**EXERCISE REQUIREMENTS:** Look through the material beneath and copy each line with the word "heads".
(Beginning of DATA LISTING)
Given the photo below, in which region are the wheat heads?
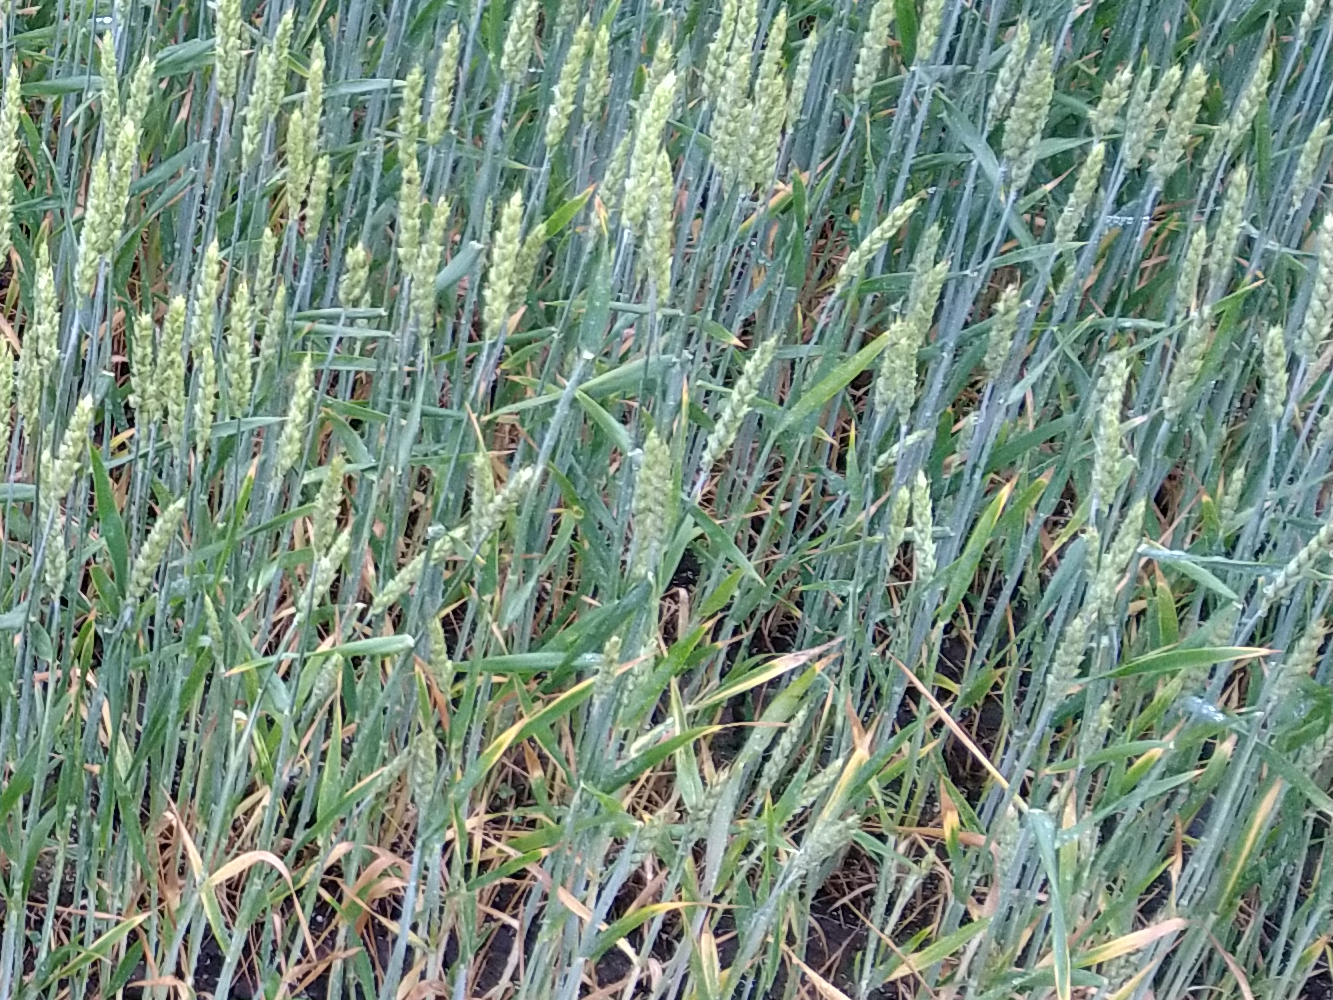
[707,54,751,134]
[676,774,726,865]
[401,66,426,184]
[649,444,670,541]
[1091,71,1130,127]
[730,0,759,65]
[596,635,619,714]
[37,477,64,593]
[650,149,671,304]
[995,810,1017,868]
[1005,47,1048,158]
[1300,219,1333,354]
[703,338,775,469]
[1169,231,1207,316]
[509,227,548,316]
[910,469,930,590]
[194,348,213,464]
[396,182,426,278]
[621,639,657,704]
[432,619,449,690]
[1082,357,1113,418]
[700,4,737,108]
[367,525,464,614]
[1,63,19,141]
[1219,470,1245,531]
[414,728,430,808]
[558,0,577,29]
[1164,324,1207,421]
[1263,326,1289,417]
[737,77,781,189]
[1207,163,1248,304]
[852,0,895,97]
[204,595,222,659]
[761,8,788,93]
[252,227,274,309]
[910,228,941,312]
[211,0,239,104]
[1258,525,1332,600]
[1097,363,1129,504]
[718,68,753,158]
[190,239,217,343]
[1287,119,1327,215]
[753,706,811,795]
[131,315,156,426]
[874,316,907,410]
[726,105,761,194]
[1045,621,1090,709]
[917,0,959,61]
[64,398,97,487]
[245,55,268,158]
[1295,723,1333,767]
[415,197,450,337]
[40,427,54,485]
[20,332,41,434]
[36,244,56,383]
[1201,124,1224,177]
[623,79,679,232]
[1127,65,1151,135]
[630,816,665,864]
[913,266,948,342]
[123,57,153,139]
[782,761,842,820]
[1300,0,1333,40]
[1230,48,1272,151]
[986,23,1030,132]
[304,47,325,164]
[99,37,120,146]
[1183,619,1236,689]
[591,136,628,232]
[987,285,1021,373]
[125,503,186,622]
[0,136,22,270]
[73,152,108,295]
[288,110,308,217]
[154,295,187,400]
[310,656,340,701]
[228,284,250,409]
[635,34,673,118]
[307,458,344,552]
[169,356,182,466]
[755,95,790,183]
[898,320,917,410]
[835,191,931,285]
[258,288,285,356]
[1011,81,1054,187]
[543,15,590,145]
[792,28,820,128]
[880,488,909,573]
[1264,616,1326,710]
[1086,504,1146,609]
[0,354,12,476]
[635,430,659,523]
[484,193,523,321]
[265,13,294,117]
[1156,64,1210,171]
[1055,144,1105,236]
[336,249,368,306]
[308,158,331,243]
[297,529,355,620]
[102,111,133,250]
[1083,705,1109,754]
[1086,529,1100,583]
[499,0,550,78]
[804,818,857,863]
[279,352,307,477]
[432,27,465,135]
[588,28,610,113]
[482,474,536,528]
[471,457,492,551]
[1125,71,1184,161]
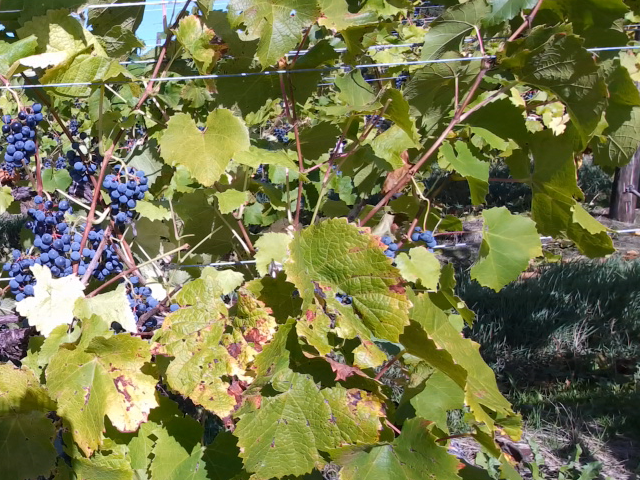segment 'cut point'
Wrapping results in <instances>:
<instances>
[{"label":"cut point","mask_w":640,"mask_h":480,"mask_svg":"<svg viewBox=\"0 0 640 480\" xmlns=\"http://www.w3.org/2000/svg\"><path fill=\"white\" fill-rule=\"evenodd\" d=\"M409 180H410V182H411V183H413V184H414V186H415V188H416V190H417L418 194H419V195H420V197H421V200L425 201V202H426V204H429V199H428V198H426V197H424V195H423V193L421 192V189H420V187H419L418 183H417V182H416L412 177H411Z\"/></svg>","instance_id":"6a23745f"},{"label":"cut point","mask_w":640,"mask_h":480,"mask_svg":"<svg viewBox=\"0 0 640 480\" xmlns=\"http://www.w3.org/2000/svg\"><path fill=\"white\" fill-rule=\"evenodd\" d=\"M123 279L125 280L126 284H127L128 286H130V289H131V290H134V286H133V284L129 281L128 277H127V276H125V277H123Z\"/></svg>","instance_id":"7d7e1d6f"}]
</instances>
(End of DATA LISTING)
(Beginning of DATA LISTING)
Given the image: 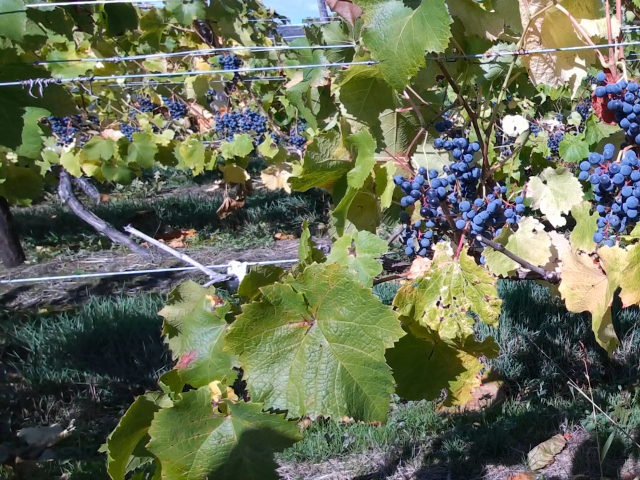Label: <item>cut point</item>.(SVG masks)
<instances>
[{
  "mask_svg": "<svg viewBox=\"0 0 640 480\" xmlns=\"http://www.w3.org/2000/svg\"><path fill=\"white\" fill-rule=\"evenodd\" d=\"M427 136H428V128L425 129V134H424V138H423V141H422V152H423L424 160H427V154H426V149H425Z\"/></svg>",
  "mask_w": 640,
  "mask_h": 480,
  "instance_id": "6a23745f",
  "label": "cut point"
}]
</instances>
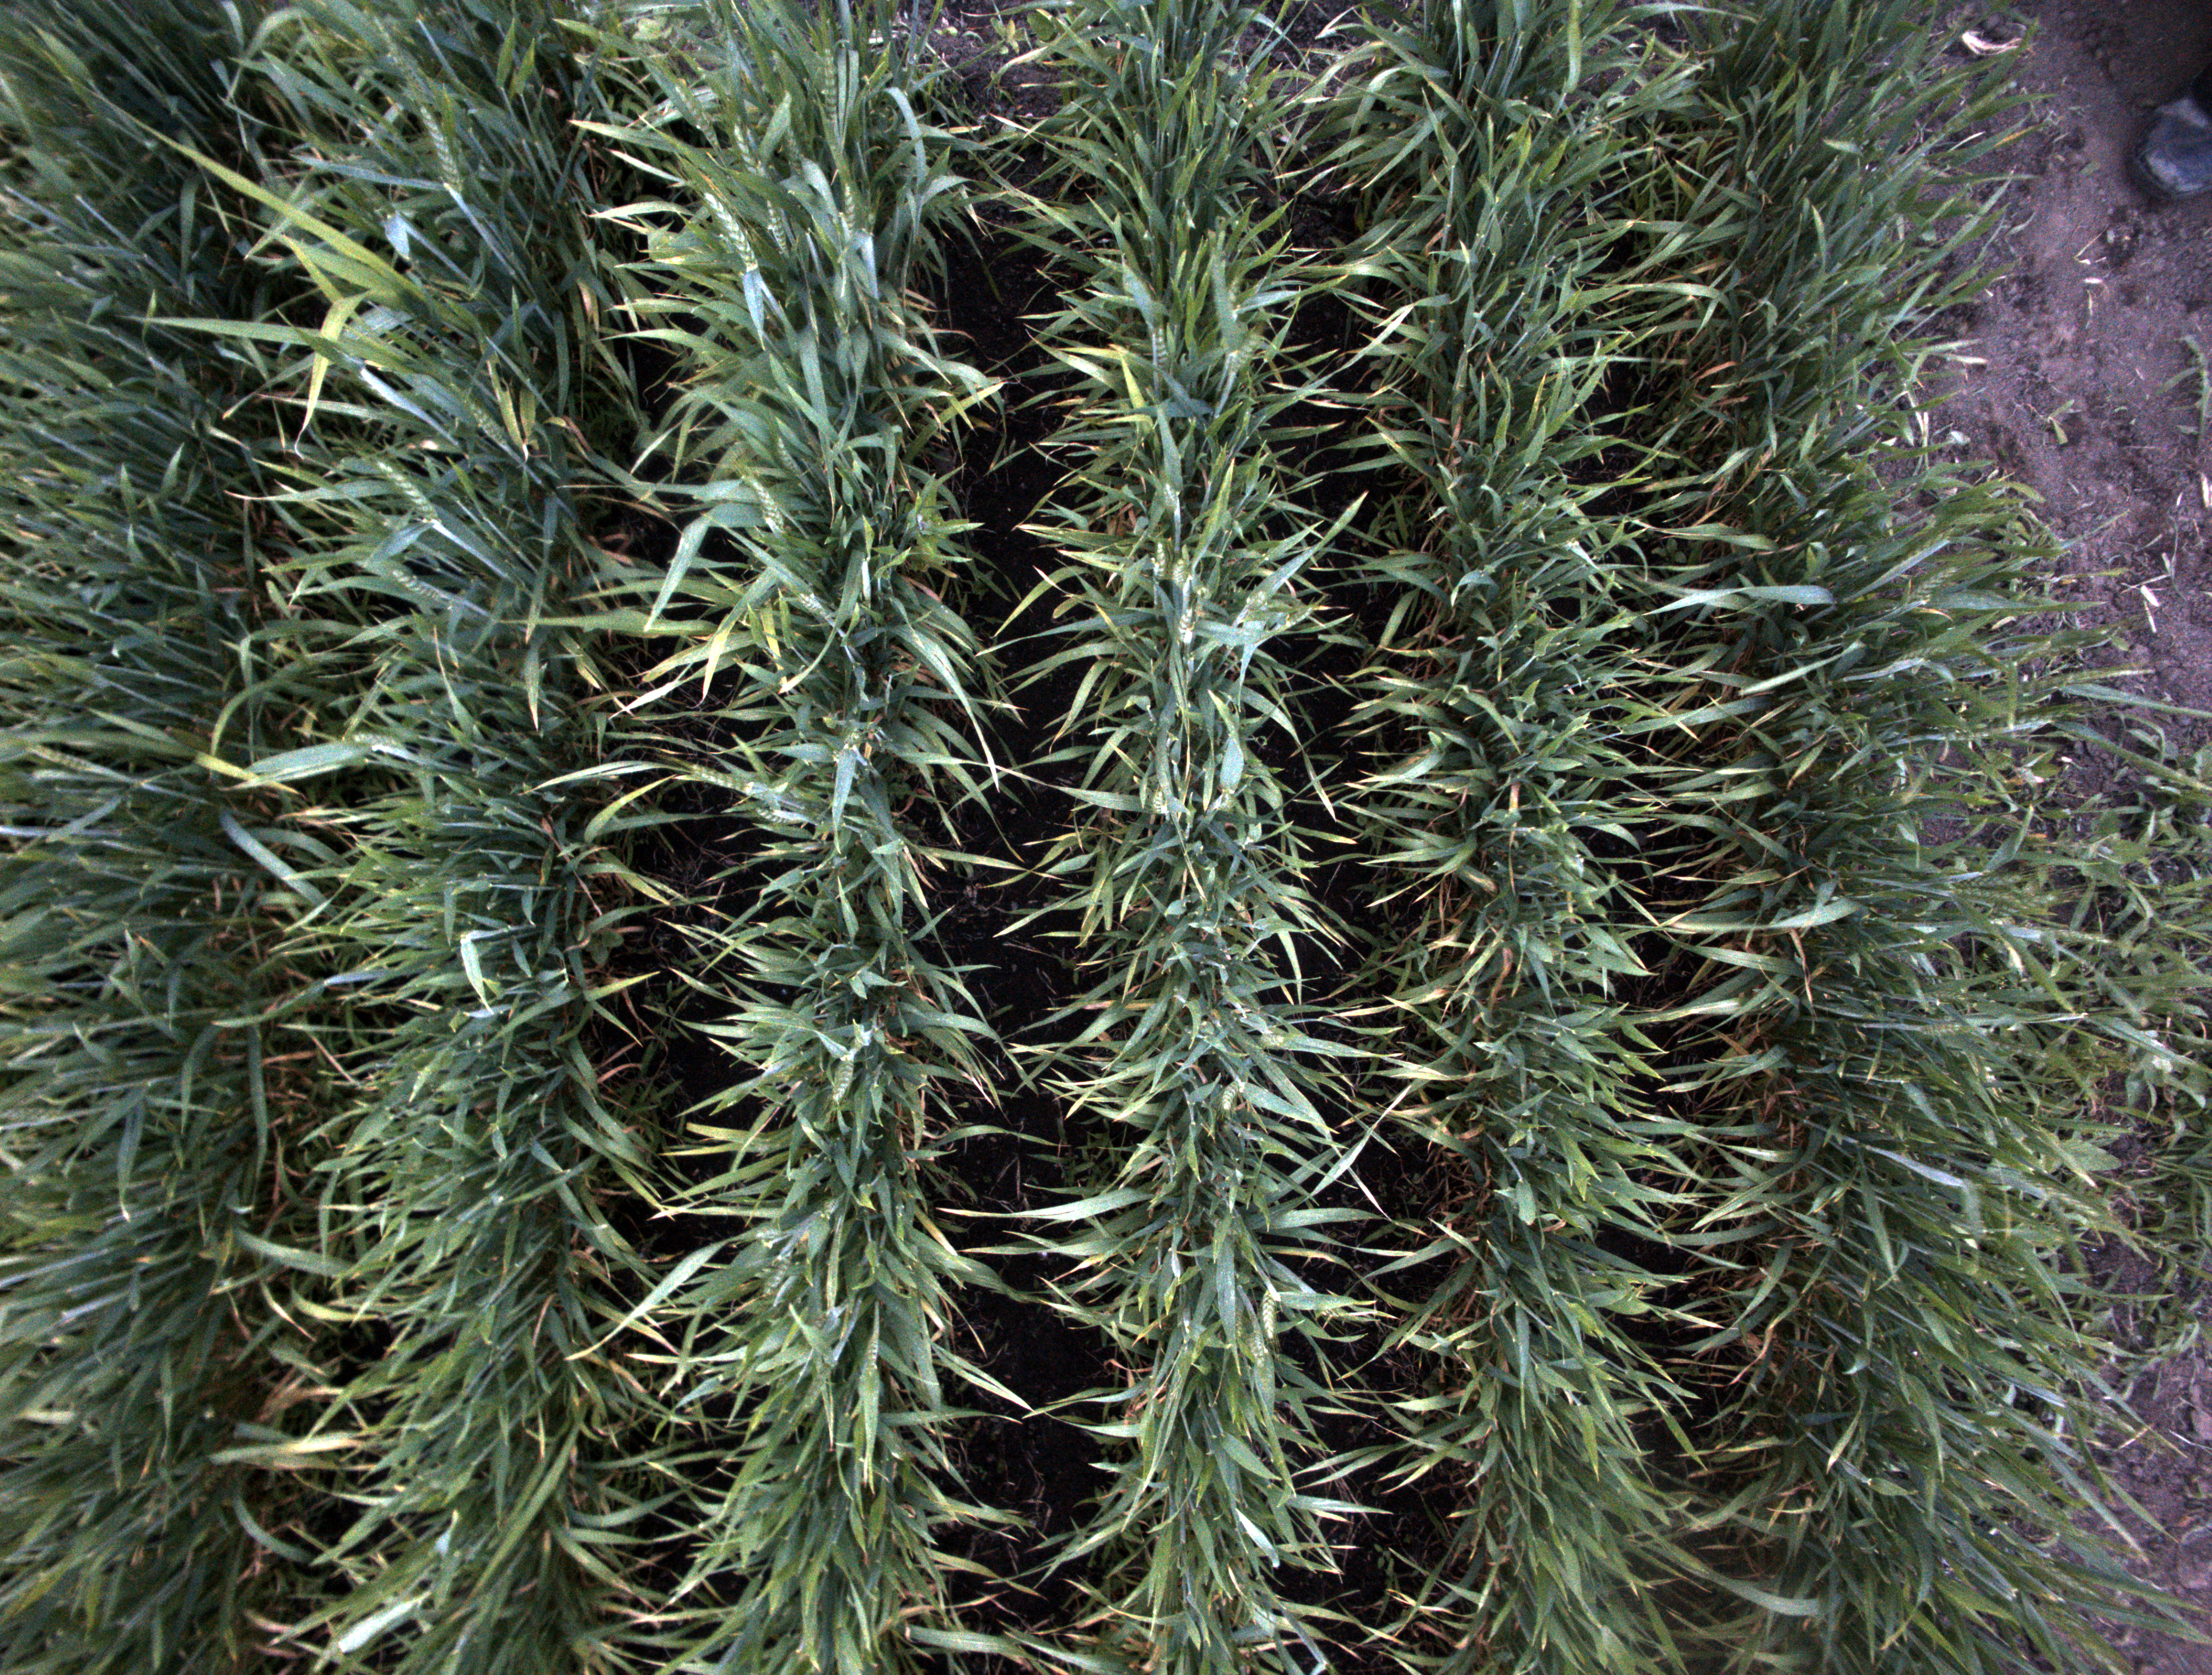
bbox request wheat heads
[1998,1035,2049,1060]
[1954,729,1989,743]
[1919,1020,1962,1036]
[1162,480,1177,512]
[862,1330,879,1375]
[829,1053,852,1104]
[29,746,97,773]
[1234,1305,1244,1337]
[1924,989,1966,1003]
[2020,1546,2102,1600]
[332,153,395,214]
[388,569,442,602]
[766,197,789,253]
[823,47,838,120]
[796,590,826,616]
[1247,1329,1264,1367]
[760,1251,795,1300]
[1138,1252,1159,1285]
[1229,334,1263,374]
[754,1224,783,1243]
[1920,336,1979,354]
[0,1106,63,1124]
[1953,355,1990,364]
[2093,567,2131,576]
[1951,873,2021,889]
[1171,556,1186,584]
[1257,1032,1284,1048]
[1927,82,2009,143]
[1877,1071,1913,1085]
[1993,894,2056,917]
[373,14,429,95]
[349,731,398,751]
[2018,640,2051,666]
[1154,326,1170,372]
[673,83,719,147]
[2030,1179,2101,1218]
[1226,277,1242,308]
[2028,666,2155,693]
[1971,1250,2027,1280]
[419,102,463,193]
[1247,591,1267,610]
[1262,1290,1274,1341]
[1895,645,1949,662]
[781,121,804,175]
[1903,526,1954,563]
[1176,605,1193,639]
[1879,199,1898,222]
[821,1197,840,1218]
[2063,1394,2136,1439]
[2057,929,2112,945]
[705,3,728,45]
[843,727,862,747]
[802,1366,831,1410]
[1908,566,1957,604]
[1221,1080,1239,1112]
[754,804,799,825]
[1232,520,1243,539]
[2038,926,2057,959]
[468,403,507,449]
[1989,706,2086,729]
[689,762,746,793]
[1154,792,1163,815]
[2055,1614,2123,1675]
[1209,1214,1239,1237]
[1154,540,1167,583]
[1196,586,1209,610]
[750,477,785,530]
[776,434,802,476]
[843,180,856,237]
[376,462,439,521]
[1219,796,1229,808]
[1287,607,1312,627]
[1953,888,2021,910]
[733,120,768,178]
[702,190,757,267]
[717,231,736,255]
(End of DATA LISTING)
**RESPONSE AREA:**
Given the photo below, in which region are the wheat heads?
bbox request wheat heads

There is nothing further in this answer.